Entries taken from a collection:
################

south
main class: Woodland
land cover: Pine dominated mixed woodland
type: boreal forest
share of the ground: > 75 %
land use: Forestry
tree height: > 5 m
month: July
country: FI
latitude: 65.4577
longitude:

################

§ What needs to be done:
Repeat all of the records above exactly as they appear.

§ Problem solution:
south
main class: Woodland
land cover: Pine dominated mixed woodland
type: boreal forest
share of the ground: > 75 %
land use: Forestry
tree height: > 5 m
month: July
country: FI
latitude: 65.4577
longitude:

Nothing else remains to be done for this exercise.